[Opening Input section]

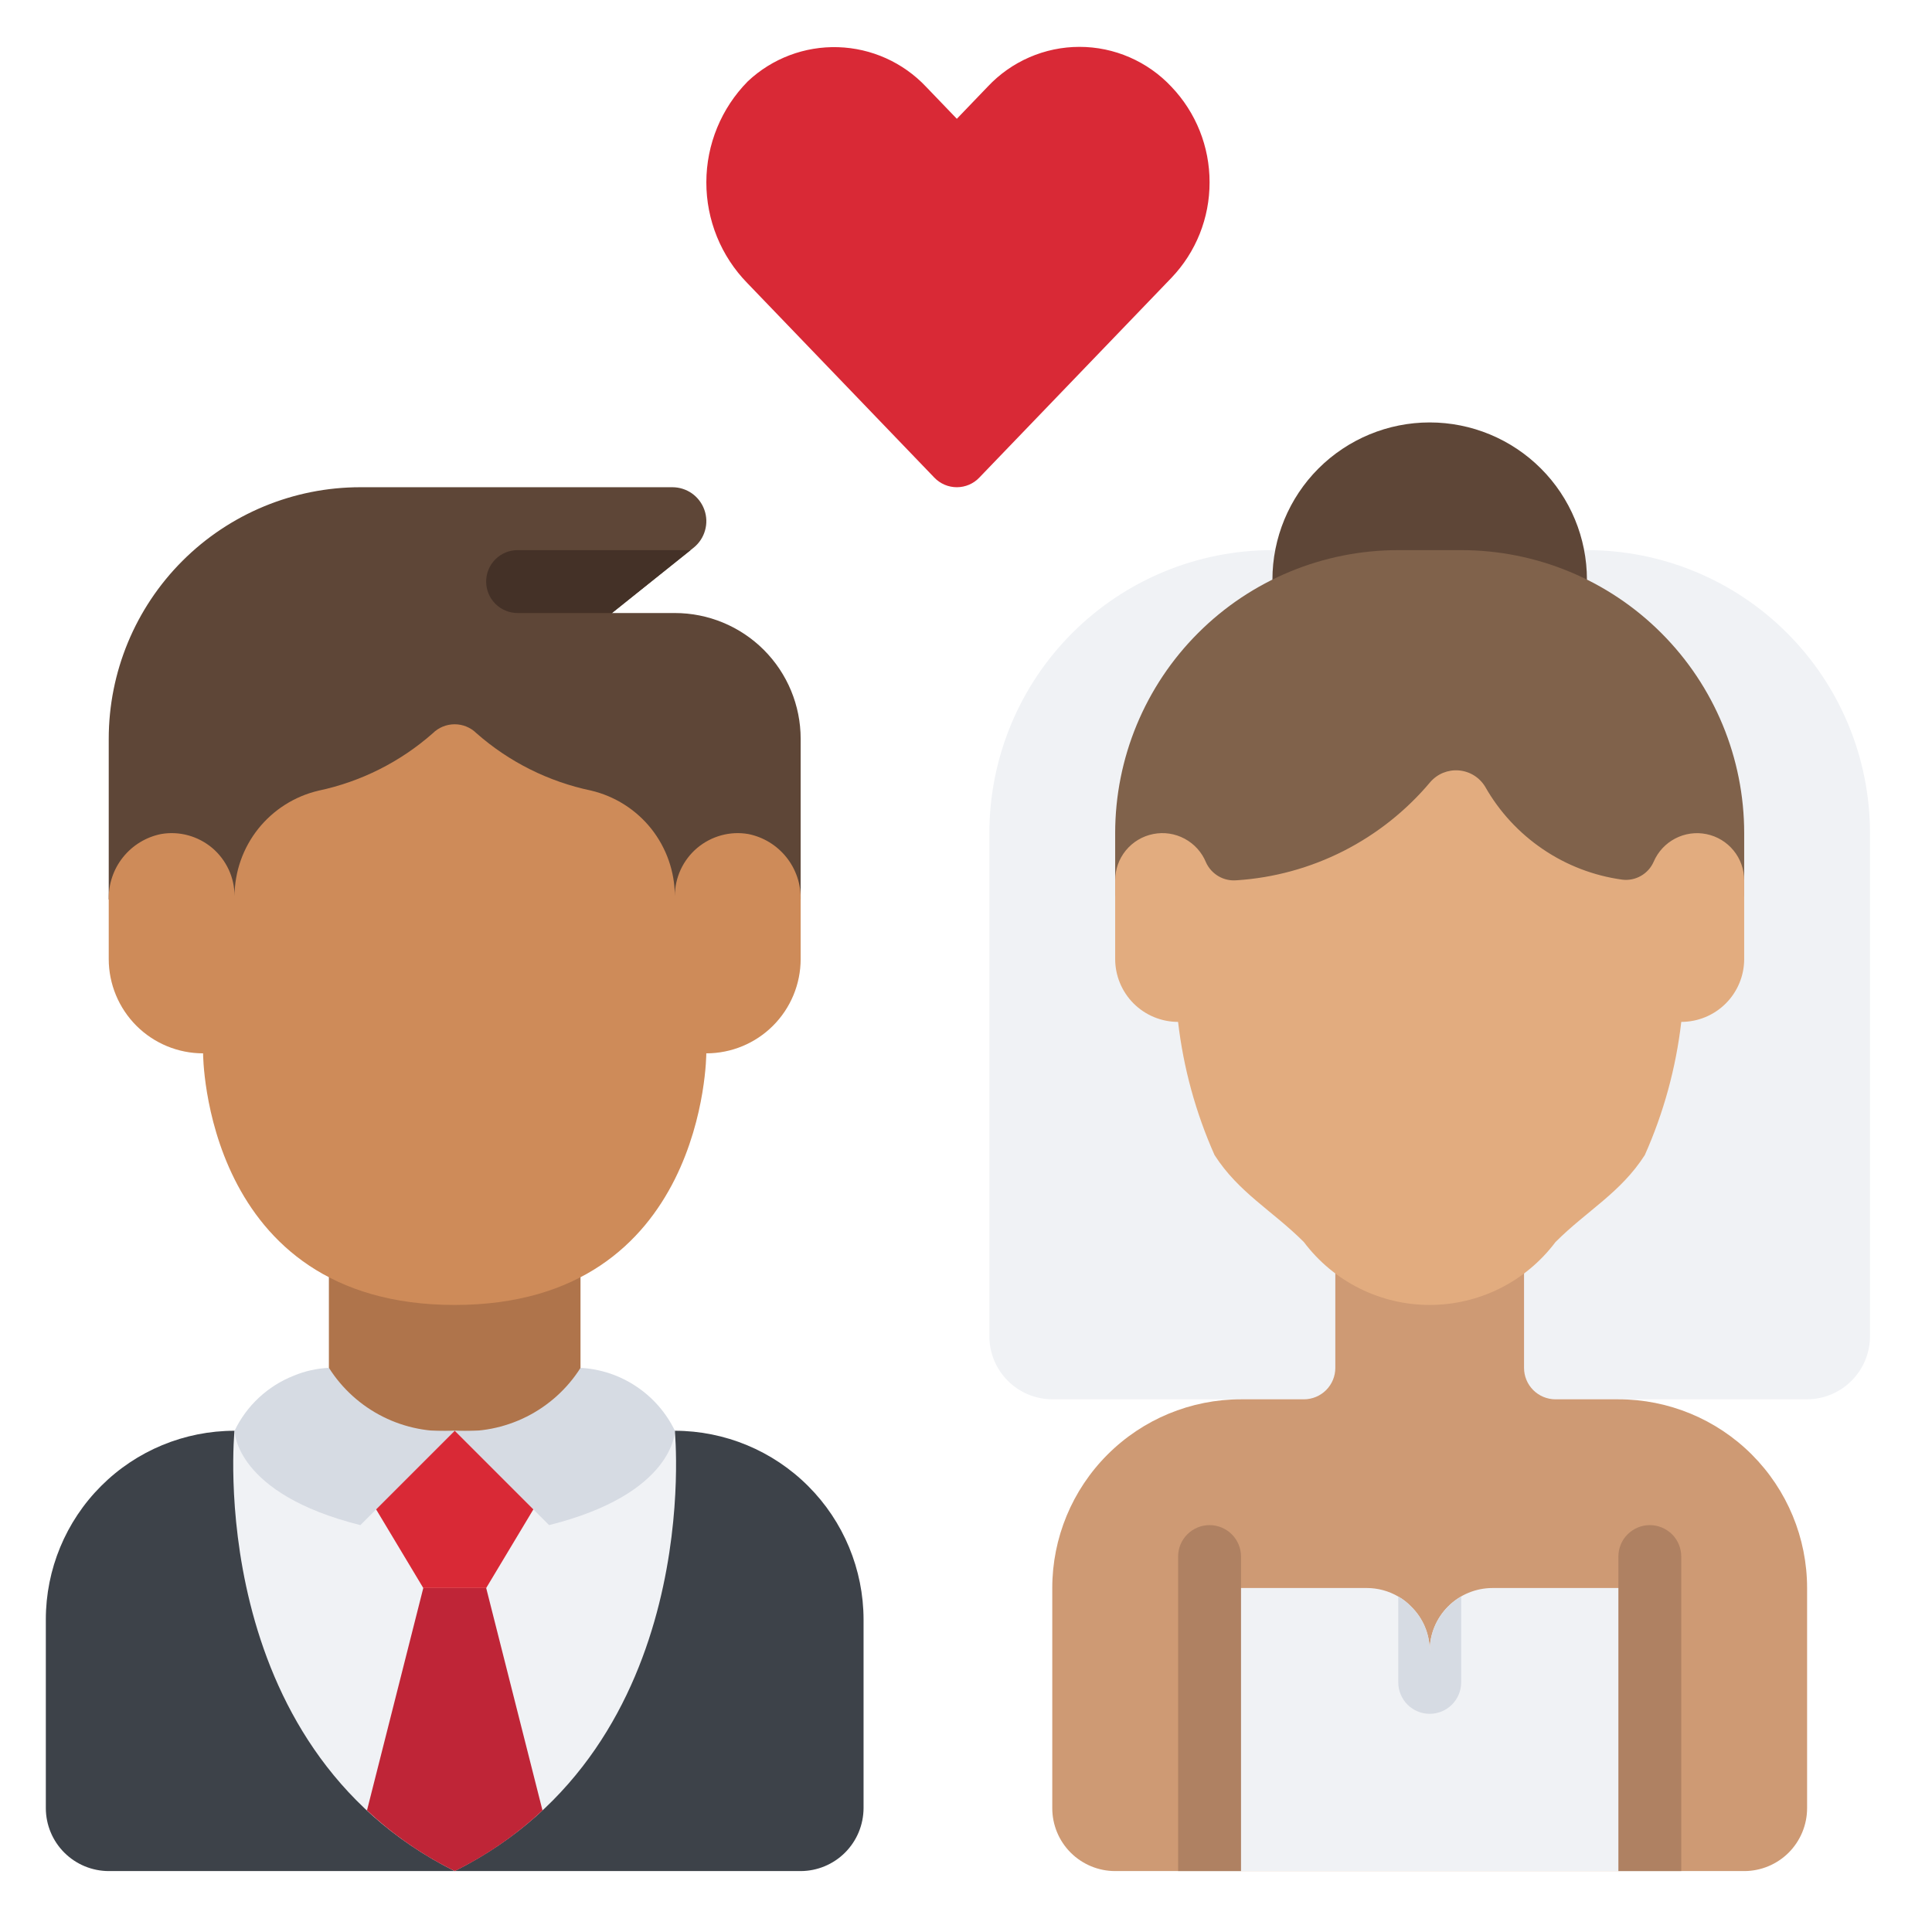 <svg width="43" height="43" viewBox="0 0 43 43" fill="none" xmlns="http://www.w3.org/2000/svg">
<path d="M15.02 31.844C16.133 31.845 17.2 32.288 17.988 33.076C18.775 33.863 19.218 34.93 19.22 36.044V40.244C19.218 40.615 19.071 40.97 18.808 41.233C18.546 41.495 18.191 41.643 17.82 41.644H2.42C2.049 41.643 1.693 41.495 1.431 41.233C1.168 40.97 1.021 40.615 1.02 40.244V36.044C1.02 34.93 1.462 33.862 2.25 33.074C3.037 32.286 4.106 31.844 5.22 31.844H15.02Z" fill="#3D4249"/>
<path d="M15.019 31.844C15.019 31.844 15.719 38.844 10.119 41.644C4.519 38.844 5.219 31.844 5.219 31.844H15.019Z" fill="#F0F2F5"/>
<path d="M36.02 31.144H40.219C40.59 31.142 40.946 30.995 41.208 30.732C41.471 30.47 41.618 30.115 41.62 29.744V18.544C41.62 16.873 40.956 15.27 39.774 14.089C38.593 12.907 36.99 12.244 35.319 12.244H28.32C26.649 12.244 25.046 12.907 23.865 14.089C22.683 15.27 22.02 16.873 22.02 18.544V29.744C22.021 30.115 22.169 30.47 22.431 30.732C22.693 30.995 23.049 31.142 23.419 31.144H36.02Z" fill="#F0F2F5"/>
<path d="M28.32 12.902C28.32 11.974 28.689 11.083 29.345 10.427C30.002 9.771 30.892 9.402 31.82 9.402C32.749 9.402 33.639 9.771 34.295 10.427C34.952 11.083 35.32 11.974 35.32 12.902H28.32Z" fill="#5E4637"/>
<path d="M17.82 16.444V20.021H2.42V16.444C2.42 14.959 3.01 13.534 4.06 12.484C5.11 11.434 6.535 10.844 8.02 10.844H14.964C15.12 10.844 15.273 10.892 15.401 10.982C15.528 11.072 15.625 11.2 15.677 11.347C15.73 11.495 15.735 11.655 15.692 11.805C15.65 11.956 15.562 12.089 15.44 12.188L15.37 12.244L13.62 13.644H15.02C15.762 13.644 16.475 13.939 17 14.464C17.525 14.989 17.82 15.701 17.82 16.444Z" fill="#5E4637"/>
<path d="M7.32 27.644H12.92V31.844H7.32V27.644Z" fill="#AF744B"/>
<path d="M10.121 31.844L8.021 33.944C5.221 33.244 5.221 31.844 5.221 31.844C5.489 31.284 5.959 30.847 6.537 30.619C6.786 30.515 7.051 30.456 7.321 30.444C7.616 30.91 8.033 31.286 8.526 31.533C9.02 31.78 9.571 31.887 10.121 31.844Z" fill="#D6DBE3"/>
<path d="M15.021 31.844C15.021 31.844 15.021 33.244 12.221 33.944L10.121 31.844C10.671 31.887 11.222 31.78 11.716 31.533C12.209 31.286 12.626 30.91 12.921 30.444C13.364 30.468 13.793 30.611 14.162 30.858C14.531 31.104 14.828 31.444 15.021 31.844Z" fill="#D6DBE3"/>
<path d="M33.92 27.644V30.444C33.92 30.63 33.994 30.808 34.125 30.939C34.256 31.07 34.434 31.144 34.62 31.144H36.02C37.134 31.144 38.202 31.586 38.99 32.374C39.777 33.162 40.22 34.23 40.22 35.344V40.244C40.22 40.615 40.072 40.971 39.81 41.234C39.547 41.496 39.191 41.644 38.82 41.644H24.82C24.449 41.644 24.093 41.496 23.83 41.234C23.567 40.971 23.42 40.615 23.42 40.244V35.344C23.42 34.23 23.862 33.162 24.65 32.374C25.438 31.586 26.506 31.144 27.62 31.144H29.02C29.206 31.144 29.384 31.07 29.515 30.939C29.646 30.808 29.72 30.63 29.72 30.444V27.644H33.92Z" fill="#CE9A74"/>
<path d="M24.82 19.944V18.544C24.82 16.873 25.484 15.27 26.666 14.089C27.847 12.907 29.449 12.244 31.12 12.244H32.52C34.191 12.244 35.794 12.907 36.975 14.089C38.157 15.27 38.82 16.873 38.82 18.544V19.944H24.82Z" fill="#80624B"/>
<path d="M36.72 35.344V41.644H26.92V35.344H30.42C30.666 35.344 30.907 35.409 31.12 35.533C31.226 35.593 31.323 35.669 31.407 35.757C31.538 35.885 31.643 36.039 31.714 36.208C31.785 36.378 31.821 36.56 31.82 36.744C31.82 36.372 31.967 36.016 32.23 35.754C32.492 35.491 32.849 35.344 33.22 35.344H36.72Z" fill="#F0F2F5"/>
<path d="M26.921 4.058C26.923 4.85 26.619 5.612 26.072 6.184L21.797 10.629C21.733 10.697 21.655 10.751 21.569 10.788C21.482 10.825 21.39 10.844 21.296 10.844C21.202 10.844 21.109 10.825 21.023 10.788C20.937 10.751 20.859 10.697 20.794 10.629L16.635 6.303C16.047 5.703 15.719 4.895 15.721 4.055C15.722 3.214 16.054 2.408 16.644 1.81C17.186 1.3 17.909 1.027 18.652 1.05C19.396 1.073 20.101 1.39 20.611 1.931L21.296 2.644L21.981 1.931C22.243 1.651 22.559 1.428 22.911 1.275C23.263 1.122 23.642 1.043 24.026 1.043C24.41 1.043 24.789 1.122 25.141 1.275C25.493 1.428 25.81 1.651 26.072 1.931C26.619 2.504 26.923 3.266 26.921 4.058Z" fill="#D92936"/>
<path d="M33.055 17.51C33.37 18.066 33.81 18.541 34.339 18.9C34.867 19.259 35.472 19.491 36.105 19.578C36.249 19.596 36.395 19.567 36.521 19.495C36.647 19.423 36.747 19.313 36.805 19.18C36.9 18.958 37.069 18.775 37.284 18.663C37.498 18.551 37.745 18.516 37.981 18.565C38.218 18.613 38.431 18.742 38.584 18.93C38.737 19.117 38.82 19.352 38.82 19.594V21.344C38.82 21.715 38.673 22.071 38.41 22.334C38.148 22.596 37.792 22.744 37.42 22.744C37.301 23.767 37.028 24.767 36.608 25.708C36.071 26.547 35.32 26.944 34.62 27.644C34.294 28.078 33.872 28.431 33.386 28.674C32.9 28.917 32.364 29.044 31.82 29.044C31.277 29.044 30.741 28.917 30.255 28.674C29.769 28.431 29.346 28.078 29.02 27.644C28.32 26.944 27.57 26.547 27.032 25.708C26.613 24.767 26.339 23.767 26.22 22.744C25.849 22.744 25.493 22.596 25.23 22.334C24.968 22.071 24.82 21.715 24.82 21.344V19.594C24.82 19.351 24.904 19.115 25.058 18.927C25.213 18.739 25.427 18.61 25.666 18.563C25.904 18.515 26.152 18.552 26.366 18.667C26.581 18.782 26.749 18.968 26.841 19.193C26.899 19.322 26.997 19.43 27.119 19.502C27.242 19.574 27.384 19.605 27.526 19.592C28.354 19.538 29.162 19.316 29.901 18.941C30.641 18.565 31.297 18.044 31.831 17.409C31.909 17.318 32.007 17.247 32.118 17.201C32.229 17.156 32.349 17.137 32.469 17.147C32.588 17.157 32.704 17.195 32.806 17.258C32.907 17.321 32.993 17.407 33.055 17.51Z" fill="#E2AC7F"/>
<path d="M10.603 16.318C11.328 16.957 12.207 17.397 13.153 17.595C13.683 17.72 14.156 18.019 14.495 18.445C14.833 18.872 15.018 19.399 15.02 19.944C15.02 19.74 15.065 19.538 15.15 19.354C15.236 19.169 15.361 19.005 15.517 18.873C15.673 18.742 15.855 18.646 16.052 18.592C16.248 18.538 16.454 18.528 16.655 18.563C16.99 18.63 17.289 18.813 17.502 19.079C17.715 19.345 17.828 19.678 17.82 20.019V21.344C17.82 21.901 17.599 22.435 17.205 22.829C16.811 23.223 16.277 23.444 15.72 23.444C15.72 23.444 15.72 29.044 10.12 29.044C4.52 29.044 4.52 23.444 4.52 23.444C3.963 23.444 3.429 23.223 3.035 22.829C2.642 22.435 2.42 21.901 2.42 21.344V20.019C2.413 19.678 2.525 19.345 2.738 19.079C2.951 18.813 3.251 18.63 3.585 18.563C3.786 18.528 3.992 18.538 4.189 18.592C4.385 18.646 4.568 18.742 4.724 18.873C4.879 19.005 5.004 19.169 5.09 19.354C5.176 19.538 5.22 19.74 5.22 19.944C5.223 19.4 5.408 18.873 5.747 18.447C6.086 18.022 6.558 17.723 7.087 17.598C8.031 17.399 8.907 16.959 9.63 16.322C9.759 16.193 9.934 16.121 10.116 16.12C10.298 16.119 10.473 16.19 10.603 16.318Z" fill="#CE8B59"/>
<path d="M32.521 35.533V37.444C32.521 37.629 32.447 37.807 32.316 37.939C32.185 38.07 32.007 38.144 31.821 38.144C31.635 38.144 31.457 38.07 31.326 37.939C31.195 37.807 31.121 37.629 31.121 37.444V35.533C31.227 35.593 31.324 35.669 31.408 35.757C31.54 35.885 31.644 36.039 31.715 36.208C31.786 36.378 31.822 36.56 31.821 36.744C31.821 36.498 31.886 36.257 32.009 36.044C32.132 35.832 32.309 35.656 32.521 35.533Z" fill="#D6DBE3"/>
<path d="M12.074 40.293C11.493 40.837 10.835 41.292 10.121 41.644C9.407 41.292 8.749 40.837 8.168 40.293L9.421 35.344H10.821L12.074 40.293Z" fill="#BF2537"/>
<path d="M11.871 33.594L10.821 35.344H9.421L8.371 33.594L10.121 31.844L11.871 33.594Z" fill="#D92936"/>
<path d="M26.221 41.644V34.644C26.221 34.458 26.294 34.28 26.426 34.149C26.557 34.018 26.735 33.944 26.921 33.944C27.106 33.944 27.284 34.018 27.416 34.149C27.547 34.28 27.621 34.458 27.621 34.644V41.644H26.221Z" fill="#AF8162"/>
<path d="M36.02 41.644V34.644C36.02 34.458 36.093 34.28 36.225 34.149C36.356 34.018 36.534 33.944 36.719 33.944C36.905 33.944 37.083 34.018 37.215 34.149C37.346 34.28 37.419 34.458 37.419 34.644V41.644H36.02Z" fill="#AF8162"/>
<path d="M15.37 12.244L13.62 13.644H11.52C11.335 13.644 11.157 13.57 11.025 13.439C10.894 13.307 10.82 13.129 10.82 12.944C10.82 12.758 10.894 12.58 11.025 12.449C11.157 12.317 11.335 12.244 11.52 12.244H15.37Z" fill="#443127"/>
</svg>

[Closing Input section]

__To do__:
In the records above, find the line with "33.594L10.821 35.344H9.421L8.371 33.594L10.121"; write out exactly that line and each one after it, stopping after the line with "41.644V34.644C36.02 34.458 36.093".

__Task solution__:
<path d="M11.871 33.594L10.821 35.344H9.421L8.371 33.594L10.121 31.844L11.871 33.594Z" fill="#D92936"/>
<path d="M26.221 41.644V34.644C26.221 34.458 26.294 34.28 26.426 34.149C26.557 34.018 26.735 33.944 26.921 33.944C27.106 33.944 27.284 34.018 27.416 34.149C27.547 34.28 27.621 34.458 27.621 34.644V41.644H26.221Z" fill="#AF8162"/>
<path d="M36.02 41.644V34.644C36.02 34.458 36.093 34.28 36.225 34.149C36.356 34.018 36.534 33.944 36.719 33.944C36.905 33.944 37.083 34.018 37.215 34.149C37.346 34.28 37.419 34.458 37.419 34.644V41.644H36.02Z" fill="#AF8162"/>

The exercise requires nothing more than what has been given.